(Data extracted from a collection)

○ ○ ○ ○ ○

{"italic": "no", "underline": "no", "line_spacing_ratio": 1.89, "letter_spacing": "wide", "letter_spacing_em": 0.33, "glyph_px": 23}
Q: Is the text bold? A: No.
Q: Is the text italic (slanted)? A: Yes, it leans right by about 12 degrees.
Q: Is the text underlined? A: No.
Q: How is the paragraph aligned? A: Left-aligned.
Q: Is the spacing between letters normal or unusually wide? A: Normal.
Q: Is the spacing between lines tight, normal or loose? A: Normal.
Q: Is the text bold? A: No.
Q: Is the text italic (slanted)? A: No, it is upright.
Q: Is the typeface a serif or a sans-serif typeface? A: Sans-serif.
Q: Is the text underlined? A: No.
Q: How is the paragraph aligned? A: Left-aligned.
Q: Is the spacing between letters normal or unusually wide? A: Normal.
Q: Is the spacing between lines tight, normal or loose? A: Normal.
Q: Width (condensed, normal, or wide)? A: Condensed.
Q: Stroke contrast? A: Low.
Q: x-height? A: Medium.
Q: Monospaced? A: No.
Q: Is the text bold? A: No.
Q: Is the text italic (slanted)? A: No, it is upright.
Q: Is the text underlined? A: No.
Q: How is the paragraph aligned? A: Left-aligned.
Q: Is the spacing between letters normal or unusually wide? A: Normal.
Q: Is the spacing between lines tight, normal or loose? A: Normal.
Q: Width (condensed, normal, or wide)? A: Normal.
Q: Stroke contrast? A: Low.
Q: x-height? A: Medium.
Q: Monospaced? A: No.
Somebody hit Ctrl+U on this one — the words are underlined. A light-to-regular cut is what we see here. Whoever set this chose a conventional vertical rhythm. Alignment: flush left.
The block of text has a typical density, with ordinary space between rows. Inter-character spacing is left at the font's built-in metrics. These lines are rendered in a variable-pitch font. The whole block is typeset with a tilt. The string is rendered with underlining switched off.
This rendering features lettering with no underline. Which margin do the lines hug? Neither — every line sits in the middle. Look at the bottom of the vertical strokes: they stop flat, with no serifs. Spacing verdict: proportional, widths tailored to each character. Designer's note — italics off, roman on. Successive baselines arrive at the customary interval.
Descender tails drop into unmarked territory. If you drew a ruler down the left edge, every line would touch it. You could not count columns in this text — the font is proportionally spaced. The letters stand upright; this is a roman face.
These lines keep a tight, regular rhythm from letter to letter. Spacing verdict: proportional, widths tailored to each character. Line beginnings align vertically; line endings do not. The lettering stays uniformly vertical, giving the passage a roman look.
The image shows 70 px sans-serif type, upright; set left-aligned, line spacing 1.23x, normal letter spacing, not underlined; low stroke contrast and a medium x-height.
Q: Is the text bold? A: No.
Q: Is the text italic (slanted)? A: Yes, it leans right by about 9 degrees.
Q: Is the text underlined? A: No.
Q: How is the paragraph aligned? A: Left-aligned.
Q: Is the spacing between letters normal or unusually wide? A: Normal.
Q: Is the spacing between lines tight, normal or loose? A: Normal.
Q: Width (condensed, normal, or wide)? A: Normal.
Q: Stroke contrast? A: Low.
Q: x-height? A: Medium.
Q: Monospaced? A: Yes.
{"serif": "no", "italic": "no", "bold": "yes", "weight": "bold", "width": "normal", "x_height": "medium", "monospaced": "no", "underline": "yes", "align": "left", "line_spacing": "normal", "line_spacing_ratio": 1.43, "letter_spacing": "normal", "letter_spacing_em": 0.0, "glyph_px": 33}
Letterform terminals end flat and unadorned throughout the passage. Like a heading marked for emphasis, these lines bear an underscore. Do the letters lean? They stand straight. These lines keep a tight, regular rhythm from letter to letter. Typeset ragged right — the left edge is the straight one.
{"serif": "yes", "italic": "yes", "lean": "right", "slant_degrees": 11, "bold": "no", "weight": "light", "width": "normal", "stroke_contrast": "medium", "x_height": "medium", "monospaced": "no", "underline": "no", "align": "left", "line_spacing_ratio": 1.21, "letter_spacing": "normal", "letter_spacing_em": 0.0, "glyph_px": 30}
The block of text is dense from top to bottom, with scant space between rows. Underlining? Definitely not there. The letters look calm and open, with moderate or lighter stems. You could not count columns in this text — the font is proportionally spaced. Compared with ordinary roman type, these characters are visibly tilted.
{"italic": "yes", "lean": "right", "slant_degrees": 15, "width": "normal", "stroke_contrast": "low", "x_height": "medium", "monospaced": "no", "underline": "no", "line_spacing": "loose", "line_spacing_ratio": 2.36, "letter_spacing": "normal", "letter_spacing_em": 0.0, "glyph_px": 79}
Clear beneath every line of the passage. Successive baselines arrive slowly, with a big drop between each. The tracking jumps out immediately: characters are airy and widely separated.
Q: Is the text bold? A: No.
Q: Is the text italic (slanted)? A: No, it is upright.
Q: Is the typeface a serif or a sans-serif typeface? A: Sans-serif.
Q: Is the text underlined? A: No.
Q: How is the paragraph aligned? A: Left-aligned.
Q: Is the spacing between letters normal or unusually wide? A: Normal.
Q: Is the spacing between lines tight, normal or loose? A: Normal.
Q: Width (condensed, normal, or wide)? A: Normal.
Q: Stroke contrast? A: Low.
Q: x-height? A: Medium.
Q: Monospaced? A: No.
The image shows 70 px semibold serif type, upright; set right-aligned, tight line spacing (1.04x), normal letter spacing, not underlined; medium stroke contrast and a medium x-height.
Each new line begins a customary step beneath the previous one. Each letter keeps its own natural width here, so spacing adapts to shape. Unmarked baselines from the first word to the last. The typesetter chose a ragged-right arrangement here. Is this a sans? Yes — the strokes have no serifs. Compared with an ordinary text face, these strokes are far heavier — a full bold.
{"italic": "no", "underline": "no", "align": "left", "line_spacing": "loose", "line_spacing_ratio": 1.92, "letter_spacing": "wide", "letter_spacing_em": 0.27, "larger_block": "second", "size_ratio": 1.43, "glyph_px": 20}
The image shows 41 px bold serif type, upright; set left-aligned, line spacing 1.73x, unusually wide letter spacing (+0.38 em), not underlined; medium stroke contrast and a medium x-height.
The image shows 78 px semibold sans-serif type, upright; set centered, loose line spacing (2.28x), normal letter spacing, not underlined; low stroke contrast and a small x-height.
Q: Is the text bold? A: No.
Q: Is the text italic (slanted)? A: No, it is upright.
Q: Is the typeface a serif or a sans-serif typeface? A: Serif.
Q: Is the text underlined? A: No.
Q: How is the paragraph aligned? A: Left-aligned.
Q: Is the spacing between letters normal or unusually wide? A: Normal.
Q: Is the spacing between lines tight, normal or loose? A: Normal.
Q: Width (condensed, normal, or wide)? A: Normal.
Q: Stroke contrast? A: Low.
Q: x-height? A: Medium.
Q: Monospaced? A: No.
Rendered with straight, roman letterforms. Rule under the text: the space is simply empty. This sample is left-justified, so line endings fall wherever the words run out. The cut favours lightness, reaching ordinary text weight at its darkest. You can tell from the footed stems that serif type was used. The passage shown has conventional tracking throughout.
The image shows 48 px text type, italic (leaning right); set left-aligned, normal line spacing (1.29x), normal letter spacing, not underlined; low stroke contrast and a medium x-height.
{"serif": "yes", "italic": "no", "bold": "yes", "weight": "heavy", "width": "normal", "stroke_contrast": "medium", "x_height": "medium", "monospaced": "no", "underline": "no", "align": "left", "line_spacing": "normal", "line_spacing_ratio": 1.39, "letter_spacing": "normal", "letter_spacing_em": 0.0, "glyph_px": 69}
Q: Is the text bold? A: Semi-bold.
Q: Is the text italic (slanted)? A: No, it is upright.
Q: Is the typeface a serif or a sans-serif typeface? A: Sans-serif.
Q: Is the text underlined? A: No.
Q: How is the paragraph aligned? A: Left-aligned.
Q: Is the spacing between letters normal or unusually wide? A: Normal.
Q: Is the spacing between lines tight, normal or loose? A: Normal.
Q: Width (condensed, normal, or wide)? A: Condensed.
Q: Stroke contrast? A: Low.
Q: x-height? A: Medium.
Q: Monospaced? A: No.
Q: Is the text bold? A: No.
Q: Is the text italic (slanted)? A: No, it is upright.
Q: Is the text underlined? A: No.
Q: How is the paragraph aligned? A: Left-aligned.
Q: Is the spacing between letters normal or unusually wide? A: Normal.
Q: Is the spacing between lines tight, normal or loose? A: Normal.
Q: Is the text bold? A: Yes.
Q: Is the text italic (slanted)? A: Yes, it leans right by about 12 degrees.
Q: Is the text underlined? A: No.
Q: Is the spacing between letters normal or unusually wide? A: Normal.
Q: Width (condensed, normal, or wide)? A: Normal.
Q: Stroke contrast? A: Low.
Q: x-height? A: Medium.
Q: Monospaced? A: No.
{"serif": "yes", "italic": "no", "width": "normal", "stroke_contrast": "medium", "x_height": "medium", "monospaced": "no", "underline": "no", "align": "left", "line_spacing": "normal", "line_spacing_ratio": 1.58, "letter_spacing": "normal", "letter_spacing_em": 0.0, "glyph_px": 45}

○ ○ ○ ○ ○

# Activity:
Nothing but lines that contain "could" should appear in the answer. Copy each from the records.

# Answer to the exercise:
Descender tails drop into unmarked territory. If you drew a ruler down the left edge, every line would touch it. You could not count columns in this text — the font is proportionally spaced. The letters stand upright; this is a roman face.
The block of text is dense from top to bottom, with scant space between rows. Underlining? Definitely not there. The letters look calm and open, with moderate or lighter stems. You could not count columns in this text — the font is proportionally spaced. Compared with ordinary roman type, these characters are visibly tilted.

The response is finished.